> _DATA LISTING_

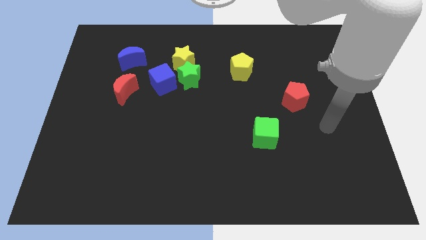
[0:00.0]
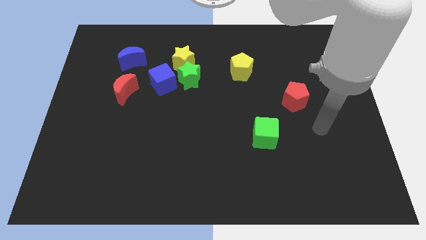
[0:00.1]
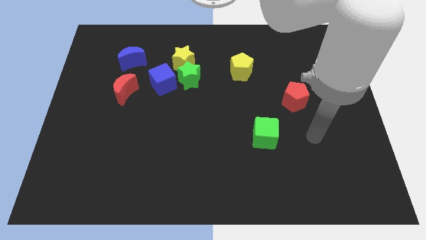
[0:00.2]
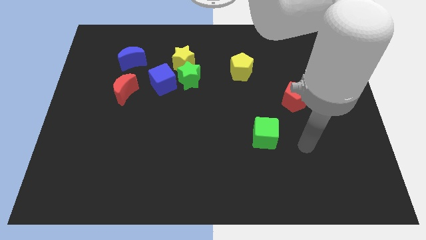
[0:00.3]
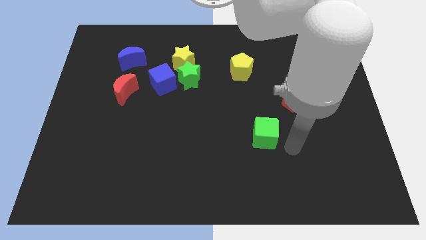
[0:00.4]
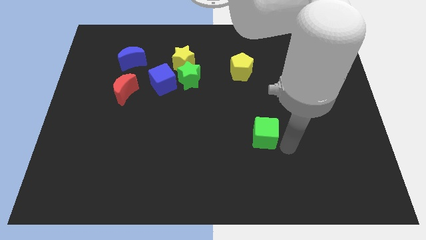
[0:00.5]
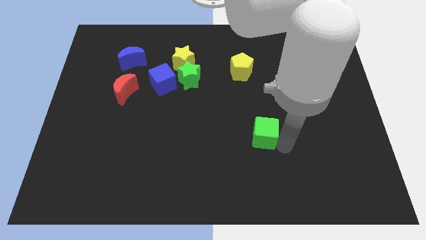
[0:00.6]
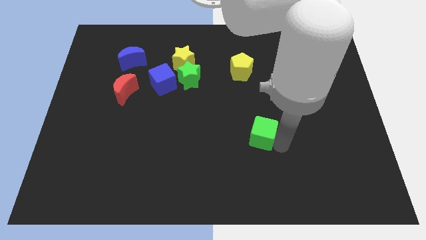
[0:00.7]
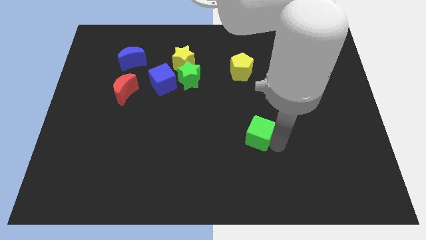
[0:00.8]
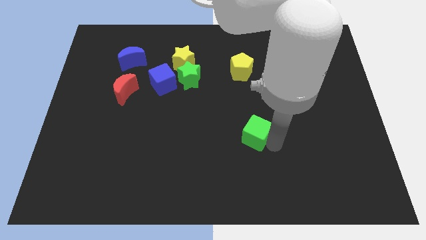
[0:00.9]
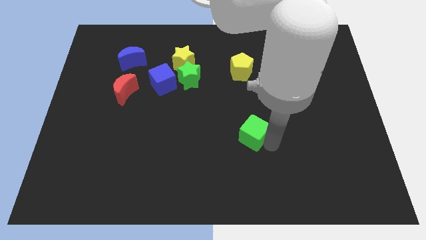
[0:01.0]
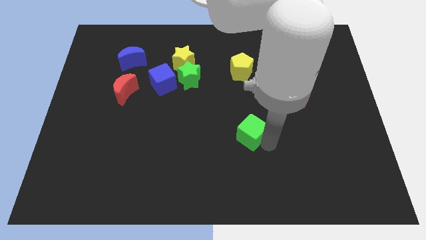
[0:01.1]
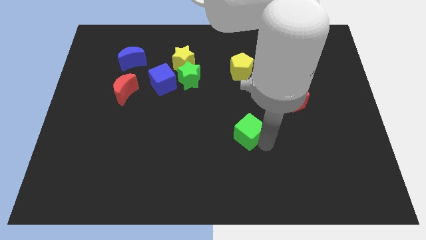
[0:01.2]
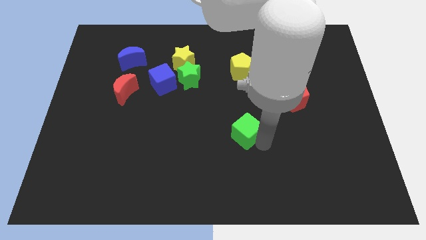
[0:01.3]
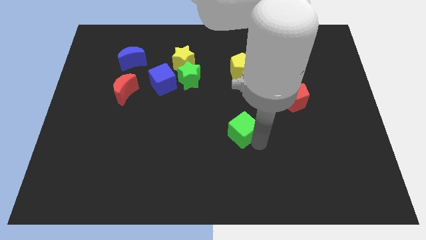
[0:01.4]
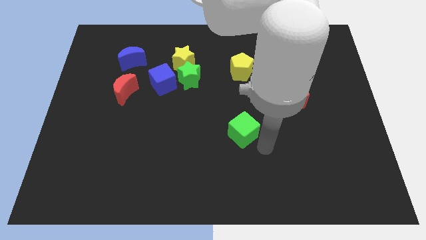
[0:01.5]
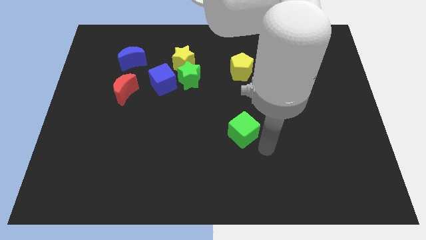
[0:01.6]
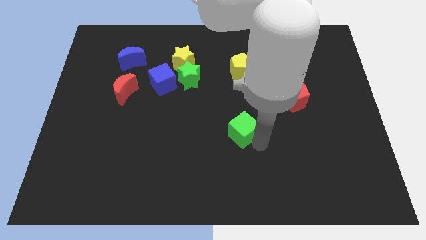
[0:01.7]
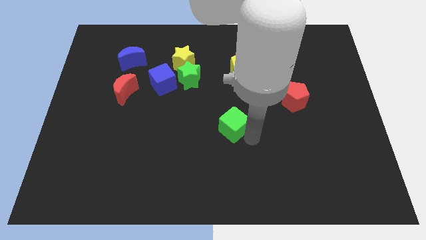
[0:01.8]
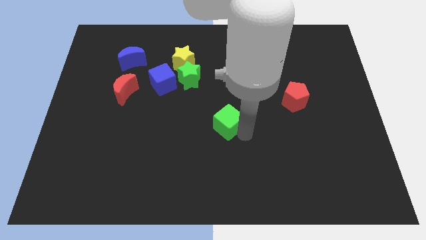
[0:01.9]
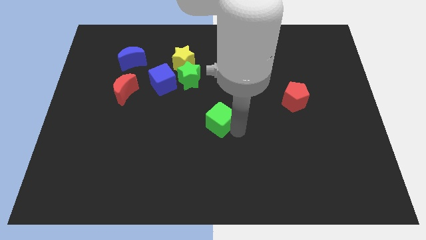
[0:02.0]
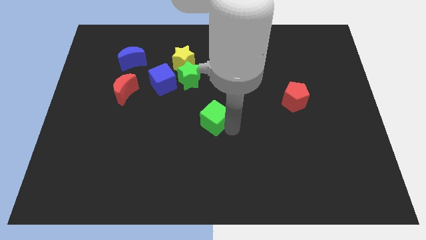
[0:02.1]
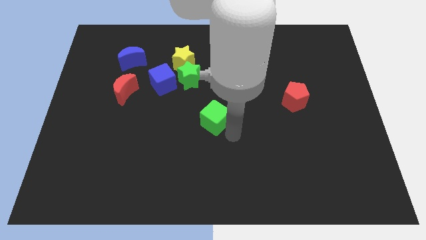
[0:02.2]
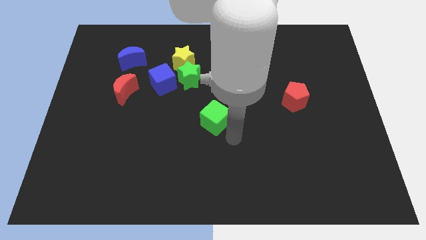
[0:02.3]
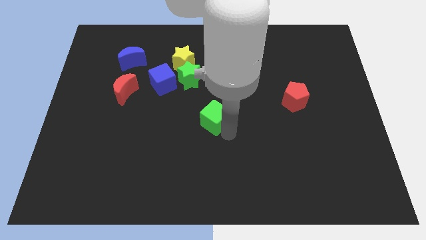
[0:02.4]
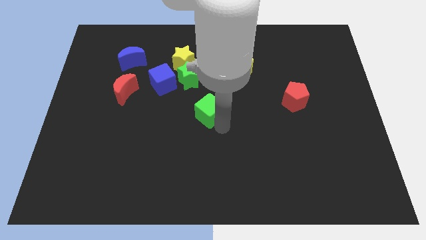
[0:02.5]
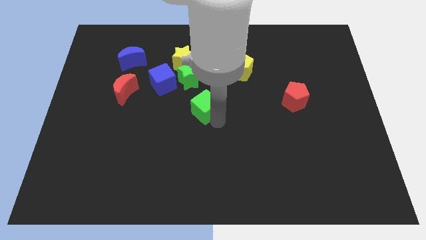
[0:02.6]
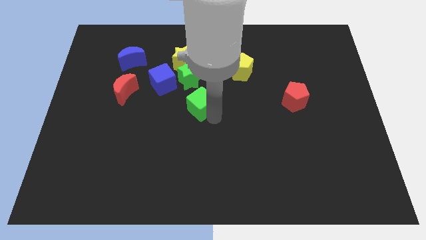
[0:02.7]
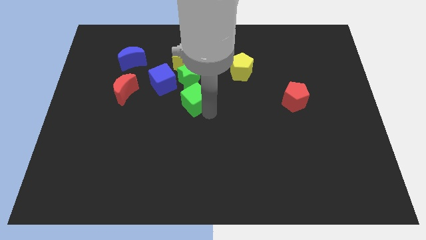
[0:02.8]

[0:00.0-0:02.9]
slide the green cube to the bottom side of the yellow star

> _EXERCISE DESCRIPTION_
Without the pictures, return each entry exactly as given.

> _SOLUTION_
[0:00.0]
[0:00.1]
[0:00.2]
[0:00.3]
[0:00.4]
[0:00.5]
[0:00.6]
[0:00.7]
[0:00.8]
[0:00.9]
[0:01.0]
[0:01.1]
[0:01.2]
[0:01.3]
[0:01.4]
[0:01.5]
[0:01.6]
[0:01.7]
[0:01.8]
[0:01.9]
[0:02.0]
[0:02.1]
[0:02.2]
[0:02.3]
[0:02.4]
[0:02.5]
[0:02.6]
[0:02.7]
[0:02.8]

[0:00.0-0:02.9]
slide the green cube to the bottom side of the yellow star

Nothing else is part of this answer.